Obama administration officials have said that demanding the dismantling of Iran’s enrichment capacity would collapse the talks, in part because it is seen as unrealistic by some of the major powers now squeezing Iran with sanctions. Additionally, the administration has said that any deal must have a period of duration, and it has resisted attaching non-nuclear issues to the talks, including Iran’s behavior in the region.
On Monday night, speaking to the American Israel Public Affairs Committee, Susan Rice, the U.S. national security adviser, confirmed reports that any deal would lapse after a set period. Rice said the term would be at least 10 years.
“I know that some question a deal of any duration,” she said, pre-empting whatever surprise Netanyahu may have reserved for his speech. “But it has always been clear that the pursuit of an agreement of indefinite duration would result in no agreement at all.”
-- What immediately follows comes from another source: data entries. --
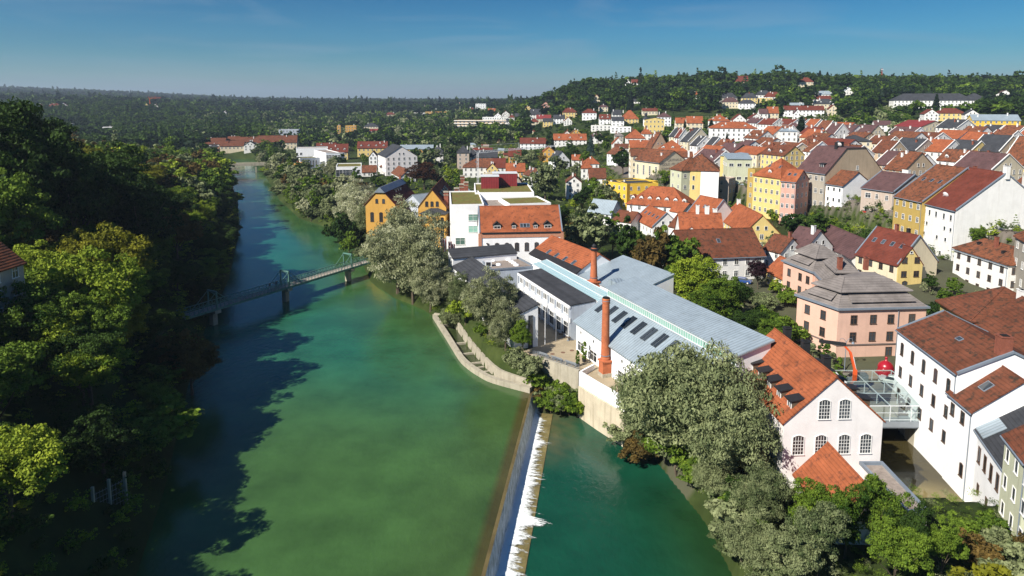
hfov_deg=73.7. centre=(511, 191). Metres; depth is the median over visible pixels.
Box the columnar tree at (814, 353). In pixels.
[810,343,818,356]
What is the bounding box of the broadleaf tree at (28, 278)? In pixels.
[24,265,86,302]
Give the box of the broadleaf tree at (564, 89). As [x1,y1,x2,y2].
[558,85,570,100]
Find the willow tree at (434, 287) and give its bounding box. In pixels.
[408,258,454,311]
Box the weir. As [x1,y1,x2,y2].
[481,392,552,575]
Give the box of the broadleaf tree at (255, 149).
[250,146,259,156]
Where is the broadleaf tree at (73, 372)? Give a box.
[34,337,131,406]
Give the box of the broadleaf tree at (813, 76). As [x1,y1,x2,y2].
[805,72,818,82]
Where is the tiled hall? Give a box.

A nuclear deal with Iran must include access to its nuclear facilities even after the expiry of restrictions “to provide the international community the assurance that it was not pursuing nuclear weapons,” Rice said.
While Netanyahu spoke, thousands of activists attending the AIPAC Policy Conference here this week visited Capitol Hill to lobby lawmakers’ offices on two bills that would subject the talks with Iran to greater congressional involvement. Obama has said he will veto both measures should they pass.
This year’s AIPAC conference — the pro-Israel lobby’s largest ever — drew 16,000 activists representing all 435 congressional districts. Speakers over the three days included congressional leaders from both parties and Samantha Power, the U.S. ambassador to the United Nations, along with Netanyahu and Rice.
There were sessions on everything from U.S.-Israeli cybersecurity cooperation to the Palestinians’ efforts on the international stage to Israel’s burgeoning craft brewery industry.
The primary focus of the conference and the lobbying efforts, however, was on Iran. And although much of the programming was indeed Iran-focused, the controversy surrounding Netanyahu’s congressional speech, and the blow it may have dealt to bipartisan support for Israel, surfaced repeatedly at the event.
After Netanyahu spoke, an Obama administration official told CNN that Netanyahu offered nothing new.
“Literally, not one new idea, not one single concrete alternative; all rhetoric, no action,” the network quoted the anonymous senior administration official as saying.
Obama himself has said that the fallout from the speech will not cause permanent damage. On Monday, the president told Reuters that he would meet Netanyahu again soon after Israel’s March 17 elections if Netanyahu is re-elected.